== PROBLEM STATEMENT ==
Below are some records; quote exactly the lines from the one that contains "76. Government fully" through the one that contains "meagre. In the", inclusive, and no others.
---------------
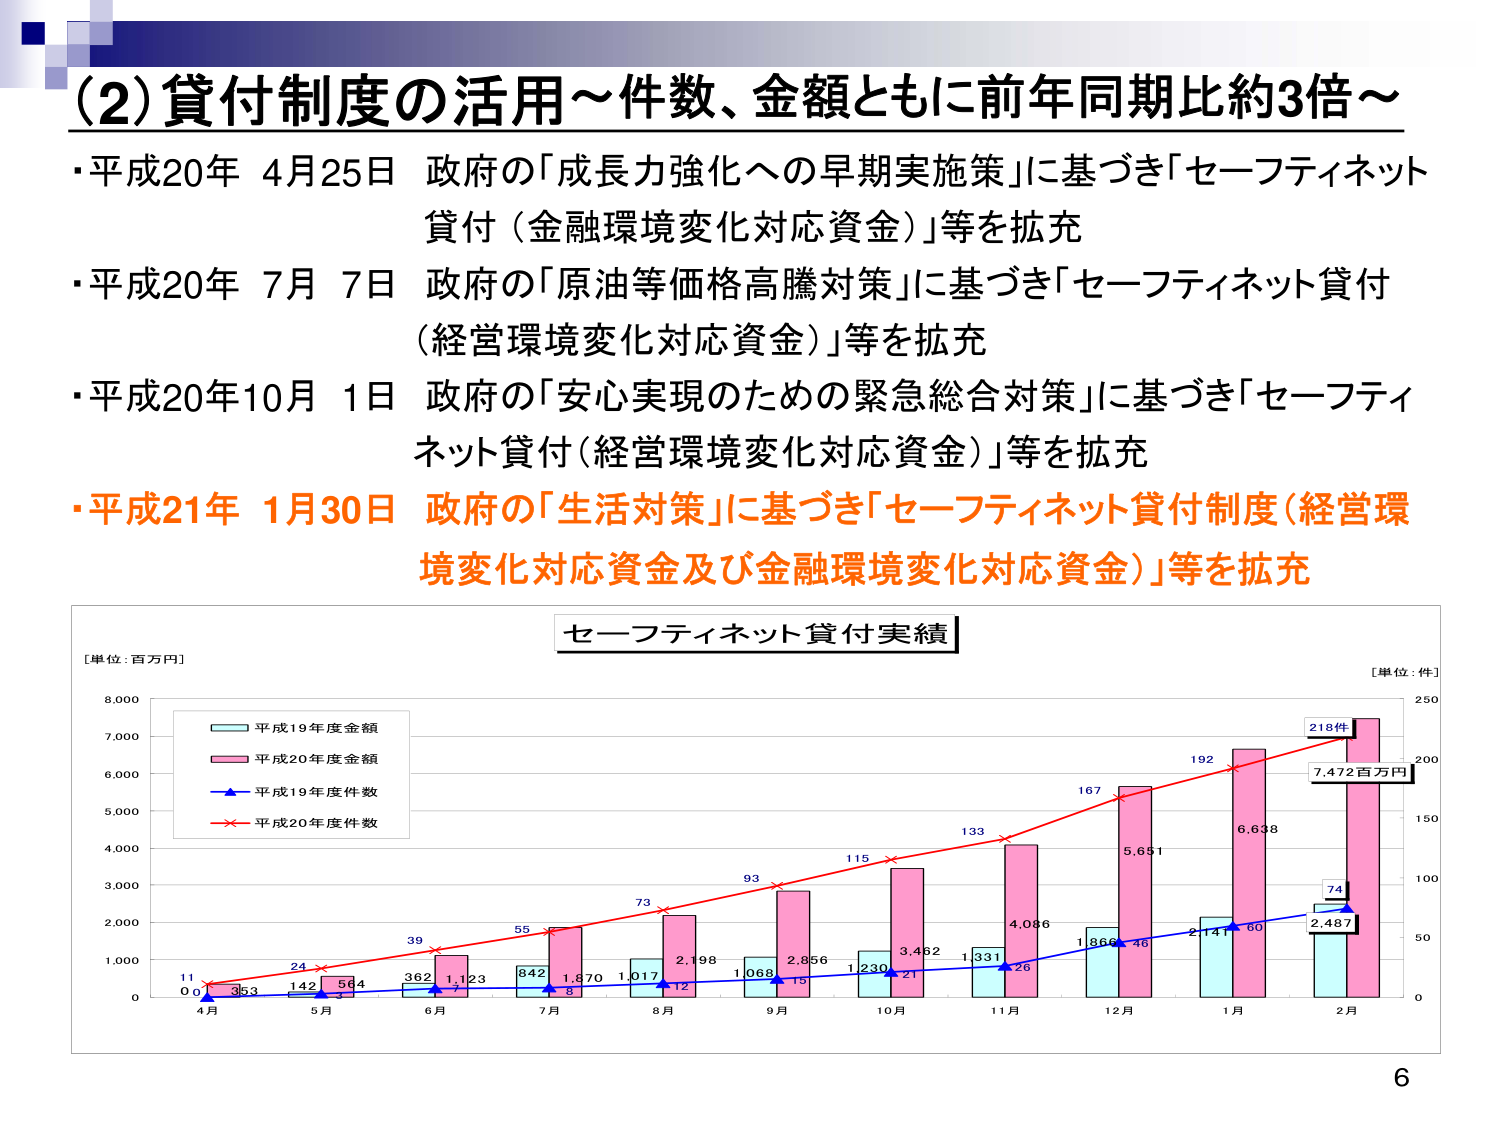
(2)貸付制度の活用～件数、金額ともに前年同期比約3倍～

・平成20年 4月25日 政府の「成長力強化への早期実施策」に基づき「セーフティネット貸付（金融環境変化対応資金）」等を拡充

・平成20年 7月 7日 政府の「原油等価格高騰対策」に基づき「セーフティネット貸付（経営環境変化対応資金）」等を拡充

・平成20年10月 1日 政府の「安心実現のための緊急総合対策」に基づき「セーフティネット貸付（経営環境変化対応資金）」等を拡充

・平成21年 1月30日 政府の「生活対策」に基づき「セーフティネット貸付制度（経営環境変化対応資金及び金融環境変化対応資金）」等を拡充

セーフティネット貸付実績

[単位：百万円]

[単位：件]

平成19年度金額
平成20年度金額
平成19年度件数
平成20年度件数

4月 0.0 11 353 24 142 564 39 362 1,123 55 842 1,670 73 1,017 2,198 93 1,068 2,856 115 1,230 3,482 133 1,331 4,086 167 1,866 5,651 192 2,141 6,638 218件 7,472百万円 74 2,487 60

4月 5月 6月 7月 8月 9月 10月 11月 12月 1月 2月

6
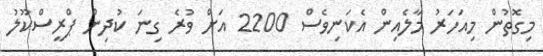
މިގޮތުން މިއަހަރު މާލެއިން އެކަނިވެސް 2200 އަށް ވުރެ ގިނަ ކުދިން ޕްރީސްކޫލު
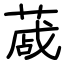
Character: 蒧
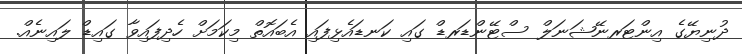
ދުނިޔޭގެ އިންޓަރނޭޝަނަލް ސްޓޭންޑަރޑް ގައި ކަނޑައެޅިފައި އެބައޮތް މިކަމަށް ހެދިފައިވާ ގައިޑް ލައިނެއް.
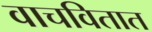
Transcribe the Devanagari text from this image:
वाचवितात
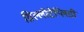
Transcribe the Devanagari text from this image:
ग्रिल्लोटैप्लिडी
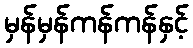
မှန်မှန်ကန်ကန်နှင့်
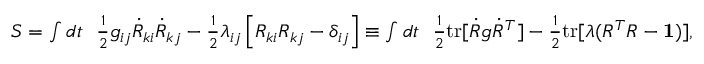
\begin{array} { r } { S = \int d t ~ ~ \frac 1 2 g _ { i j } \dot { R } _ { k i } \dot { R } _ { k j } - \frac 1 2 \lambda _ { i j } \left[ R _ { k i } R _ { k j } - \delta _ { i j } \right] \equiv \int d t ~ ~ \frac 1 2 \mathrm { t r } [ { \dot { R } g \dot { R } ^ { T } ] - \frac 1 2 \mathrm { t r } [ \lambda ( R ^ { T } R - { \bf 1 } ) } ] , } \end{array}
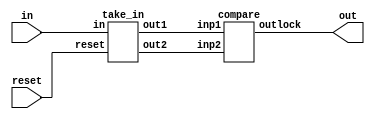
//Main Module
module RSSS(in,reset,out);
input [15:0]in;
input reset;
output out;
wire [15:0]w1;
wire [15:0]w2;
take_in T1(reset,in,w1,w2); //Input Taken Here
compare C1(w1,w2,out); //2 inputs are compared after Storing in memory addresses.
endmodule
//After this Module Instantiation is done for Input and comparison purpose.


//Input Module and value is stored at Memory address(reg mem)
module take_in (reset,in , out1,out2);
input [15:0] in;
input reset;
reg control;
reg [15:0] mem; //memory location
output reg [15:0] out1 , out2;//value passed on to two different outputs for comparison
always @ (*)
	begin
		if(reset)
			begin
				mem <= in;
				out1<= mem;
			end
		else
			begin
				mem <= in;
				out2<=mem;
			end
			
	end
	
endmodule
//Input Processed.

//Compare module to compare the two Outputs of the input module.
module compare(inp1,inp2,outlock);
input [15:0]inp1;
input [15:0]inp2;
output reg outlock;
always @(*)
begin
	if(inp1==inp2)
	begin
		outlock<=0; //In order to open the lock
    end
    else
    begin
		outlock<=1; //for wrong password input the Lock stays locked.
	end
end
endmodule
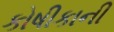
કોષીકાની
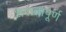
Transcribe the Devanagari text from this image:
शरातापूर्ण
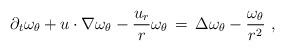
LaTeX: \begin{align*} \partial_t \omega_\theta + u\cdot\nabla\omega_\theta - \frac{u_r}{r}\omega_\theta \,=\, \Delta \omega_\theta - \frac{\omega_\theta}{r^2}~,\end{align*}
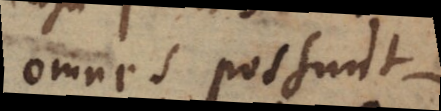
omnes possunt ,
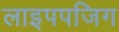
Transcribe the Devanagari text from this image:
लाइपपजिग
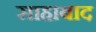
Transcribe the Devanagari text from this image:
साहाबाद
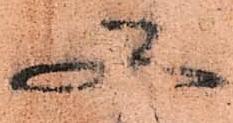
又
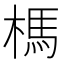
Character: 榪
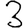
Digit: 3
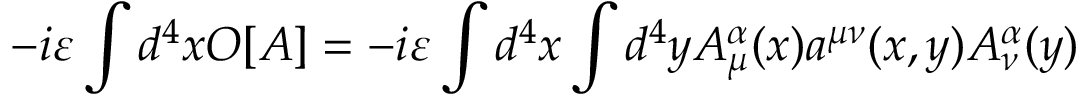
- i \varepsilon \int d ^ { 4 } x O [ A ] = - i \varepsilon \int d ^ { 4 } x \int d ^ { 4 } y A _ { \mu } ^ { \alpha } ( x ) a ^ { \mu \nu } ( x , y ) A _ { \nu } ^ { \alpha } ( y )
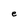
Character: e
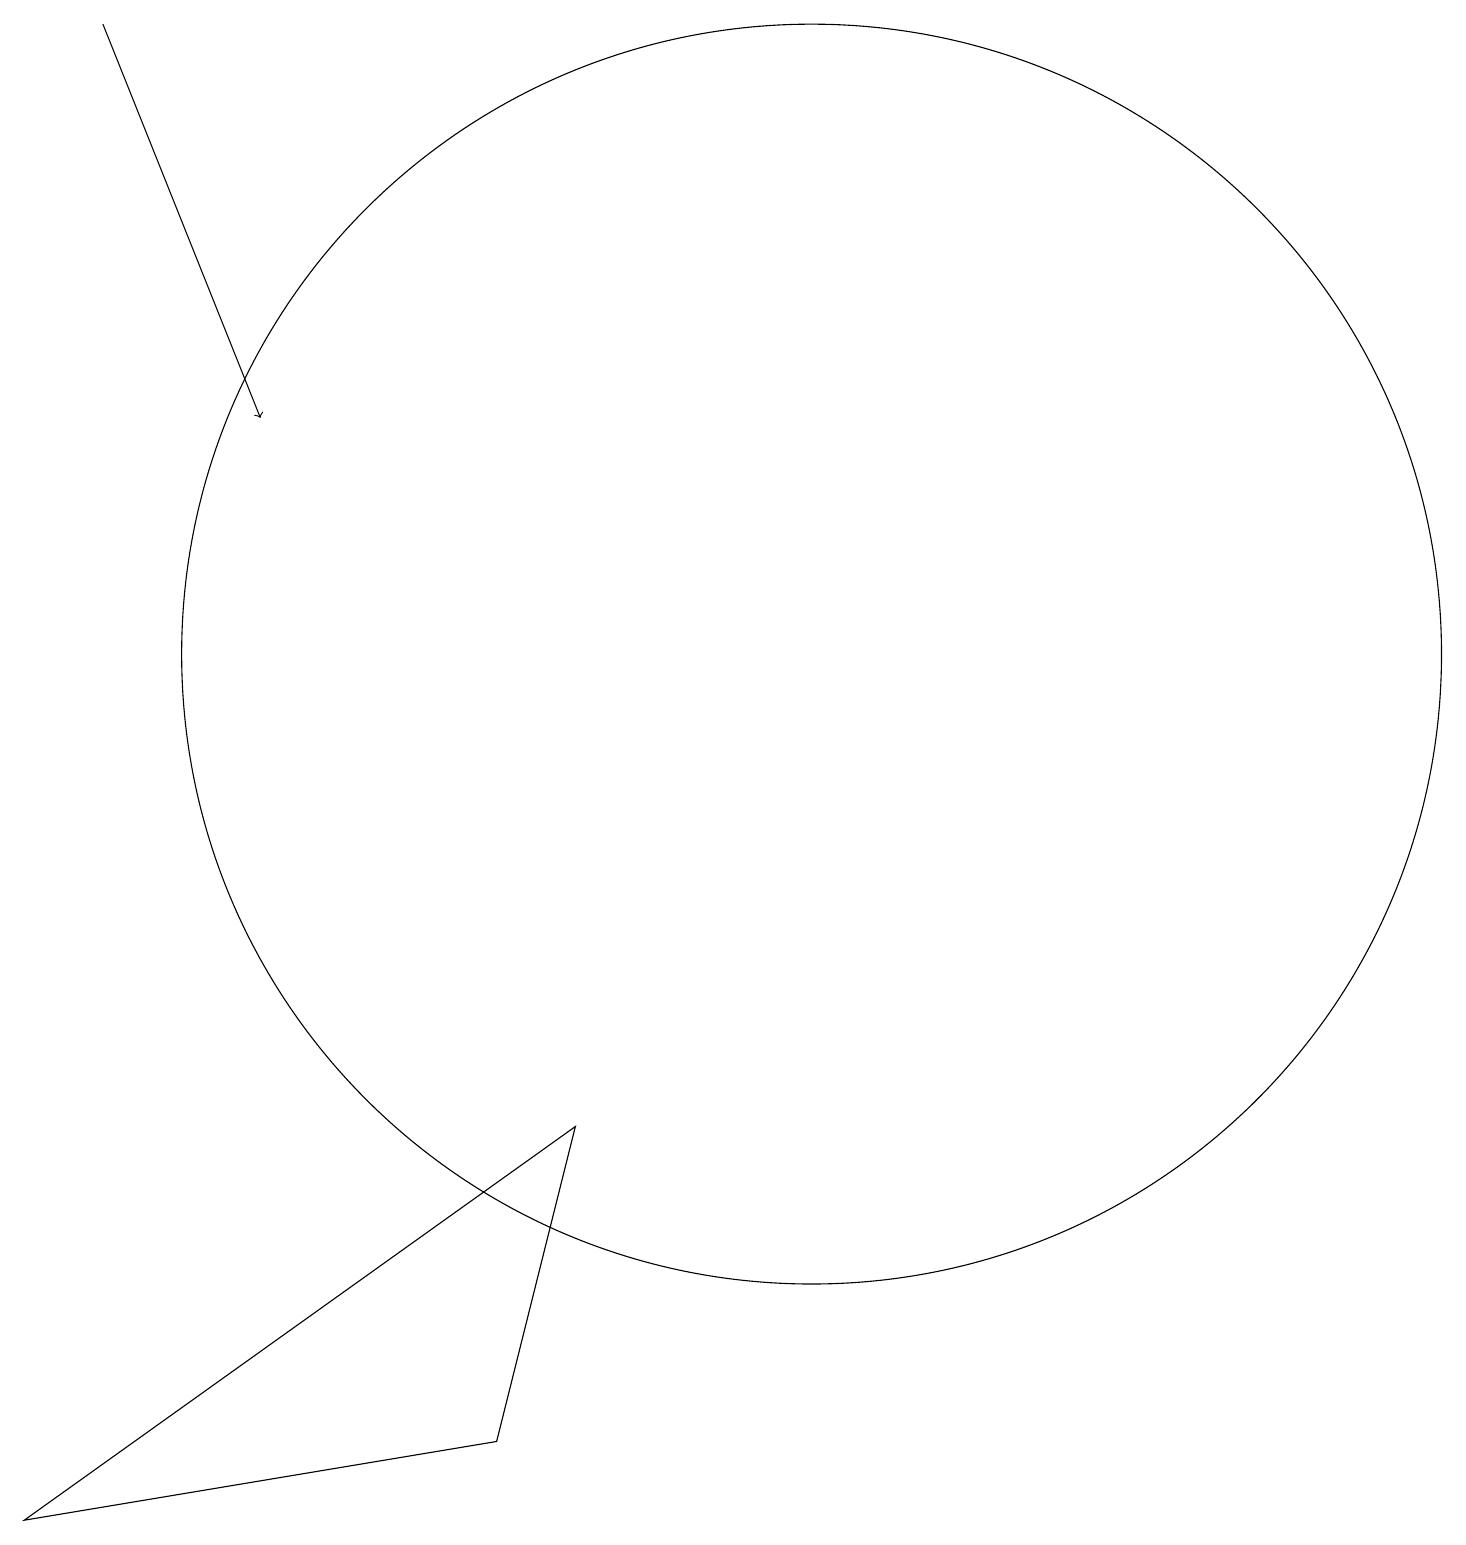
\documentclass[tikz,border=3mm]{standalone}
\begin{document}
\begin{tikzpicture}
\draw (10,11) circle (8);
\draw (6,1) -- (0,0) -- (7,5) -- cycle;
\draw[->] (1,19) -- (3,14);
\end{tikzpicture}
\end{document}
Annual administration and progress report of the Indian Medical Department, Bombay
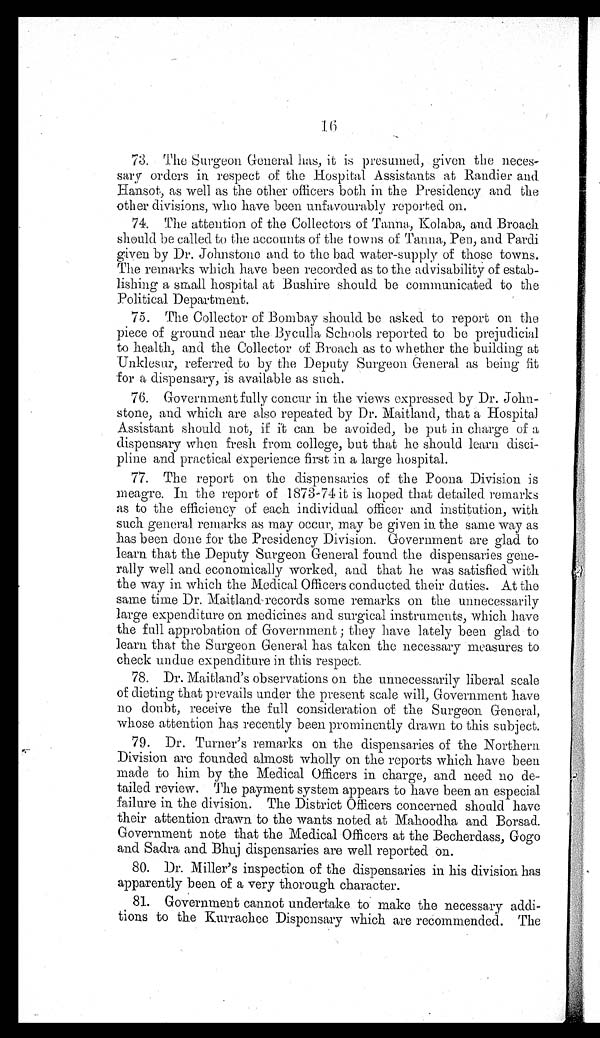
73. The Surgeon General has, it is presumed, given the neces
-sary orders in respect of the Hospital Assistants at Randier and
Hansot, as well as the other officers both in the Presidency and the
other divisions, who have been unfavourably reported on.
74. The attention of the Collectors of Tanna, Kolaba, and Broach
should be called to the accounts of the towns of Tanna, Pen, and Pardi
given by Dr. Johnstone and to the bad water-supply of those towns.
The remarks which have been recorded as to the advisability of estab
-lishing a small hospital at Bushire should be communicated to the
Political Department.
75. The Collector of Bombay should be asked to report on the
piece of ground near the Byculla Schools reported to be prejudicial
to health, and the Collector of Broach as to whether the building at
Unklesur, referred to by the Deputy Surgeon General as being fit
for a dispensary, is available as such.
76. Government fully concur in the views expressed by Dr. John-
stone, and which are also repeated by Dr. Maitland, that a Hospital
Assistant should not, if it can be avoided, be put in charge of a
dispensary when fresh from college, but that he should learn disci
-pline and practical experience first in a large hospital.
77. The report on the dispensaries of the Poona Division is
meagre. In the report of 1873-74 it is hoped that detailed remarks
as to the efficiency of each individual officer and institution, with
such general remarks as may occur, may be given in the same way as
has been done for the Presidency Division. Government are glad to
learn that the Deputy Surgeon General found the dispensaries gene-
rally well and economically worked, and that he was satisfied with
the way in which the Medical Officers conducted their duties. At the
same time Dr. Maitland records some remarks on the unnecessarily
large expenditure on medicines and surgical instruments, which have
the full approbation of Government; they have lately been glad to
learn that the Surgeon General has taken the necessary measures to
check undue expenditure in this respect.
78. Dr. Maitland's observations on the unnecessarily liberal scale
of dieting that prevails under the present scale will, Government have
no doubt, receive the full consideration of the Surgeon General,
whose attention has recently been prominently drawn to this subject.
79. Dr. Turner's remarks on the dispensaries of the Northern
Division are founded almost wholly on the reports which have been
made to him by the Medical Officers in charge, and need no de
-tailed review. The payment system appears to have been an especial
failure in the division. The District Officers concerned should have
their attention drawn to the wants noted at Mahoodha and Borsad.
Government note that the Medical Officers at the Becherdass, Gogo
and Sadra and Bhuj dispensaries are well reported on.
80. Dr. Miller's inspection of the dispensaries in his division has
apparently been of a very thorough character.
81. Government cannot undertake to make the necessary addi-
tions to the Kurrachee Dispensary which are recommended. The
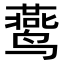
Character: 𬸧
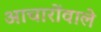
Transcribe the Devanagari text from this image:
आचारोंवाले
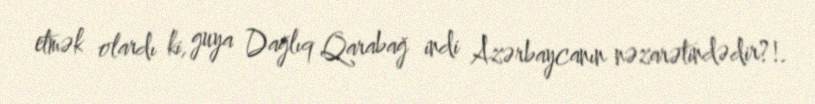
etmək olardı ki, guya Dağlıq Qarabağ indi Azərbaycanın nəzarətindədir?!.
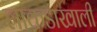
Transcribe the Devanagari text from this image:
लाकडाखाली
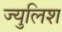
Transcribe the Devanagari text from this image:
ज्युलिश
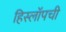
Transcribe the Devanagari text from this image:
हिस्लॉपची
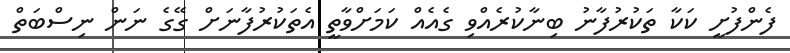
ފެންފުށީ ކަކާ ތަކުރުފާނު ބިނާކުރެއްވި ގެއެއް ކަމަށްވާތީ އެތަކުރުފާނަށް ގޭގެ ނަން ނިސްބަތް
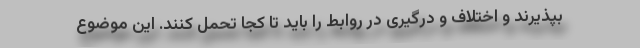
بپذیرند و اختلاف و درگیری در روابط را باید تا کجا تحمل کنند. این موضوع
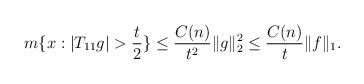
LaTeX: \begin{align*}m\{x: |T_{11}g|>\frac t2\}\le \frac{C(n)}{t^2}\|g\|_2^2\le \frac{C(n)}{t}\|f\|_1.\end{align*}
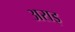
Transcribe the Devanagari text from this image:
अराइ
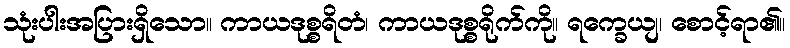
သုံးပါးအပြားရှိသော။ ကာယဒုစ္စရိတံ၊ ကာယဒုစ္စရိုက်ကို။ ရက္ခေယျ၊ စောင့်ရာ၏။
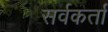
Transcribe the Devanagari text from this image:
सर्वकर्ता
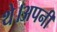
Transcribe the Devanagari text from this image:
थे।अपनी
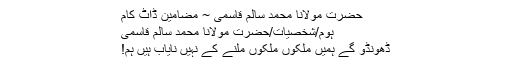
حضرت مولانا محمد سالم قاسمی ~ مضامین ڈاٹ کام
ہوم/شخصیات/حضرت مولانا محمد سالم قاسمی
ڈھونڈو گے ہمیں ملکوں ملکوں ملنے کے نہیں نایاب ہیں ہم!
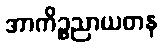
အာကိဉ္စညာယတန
---------------
== REPLY TO THE EXERCISE ==
76. Government fully concur in the views expressed by Dr. John-
stone, and which are also repeated by Dr. Maitland, that a Hospital
Assistant should not, if it can be avoided, be put in charge of a
dispensary when fresh from college, but that he should learn disci
-pline and practical experience first in a large hospital.
77. The report on the dispensaries of the Poona Division is
meagre. In the report of 1873-74 it is hoped that detailed remarks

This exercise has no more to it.